The authors thank the following individuals without whom the OPE program would not have been possible: anesthesiology residents, fellows, and faculty of The Cleveland Clinic Foundation; Shelly Sords, Education Coordinator of the Division of Anesthesiology, for cheerful support and interest; Charlie Androjna for skillful management of the large database; Dr. Frances Rhoton for encouragement and support during the early days of the project; and Dr. Arthur Barnes, Vice Chairman, and Dr. Fawzy G. Estafanous, Chairman of the Division of Anesthesiology, for creating an environment in which the OPE program could flourish. We also thank Lorie Peterson, Ronnie Sanders, and Nikki Williams for expert secretarial support. We would like to recognize Dr. John Ammon, Vice President of the American Board of Anesthesiology, and Dr. Francis Hughes, Executive Vice President of the American Board of Anesthesiology, for reviewing the manuscript and providing important clarifications and suggestions. We are indebted to Drs. Gerald Burger, Dorothea Markakis, Brian Parker, Michael O'Connor, and Paul Potter for their review and independent scoring of OPE videotapes.
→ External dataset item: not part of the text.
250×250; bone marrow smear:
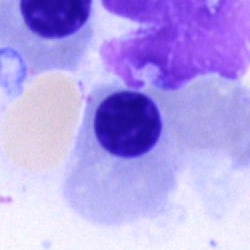
Cell: normoblast.

* To address a potential halo effect stemming from examiners who knew examinees from clinical teaching activity, we conducted an additional reliability study. Videotaped original sessions were scored by OPE examiners who were not familiar with the candidates. Fifty videotaped original examination sessions were chosen at random from a larger pool of available videotapes and assigned randomly to the seven examiners who scored tape sessions in the same manner as in the live sessions. The new examiners agreed with the original ones in 78%(95% confidence interval, 62–90) of the past-fail decisions. With regard to the ONS, agreement was also adequate, with a concordance correlation coefficient of 0.70 (95% confidence interval, 0.50–0.91). By comparison, the concordance coefficient for ONS by original examiners was 0.83 (95% confidence interval, 0.69–0.91). Lastly, 78% of the observed differences between video and original scores were smaller than 0.75 ONS units (scale was 1–4) compared with 82% for the entire original dataset.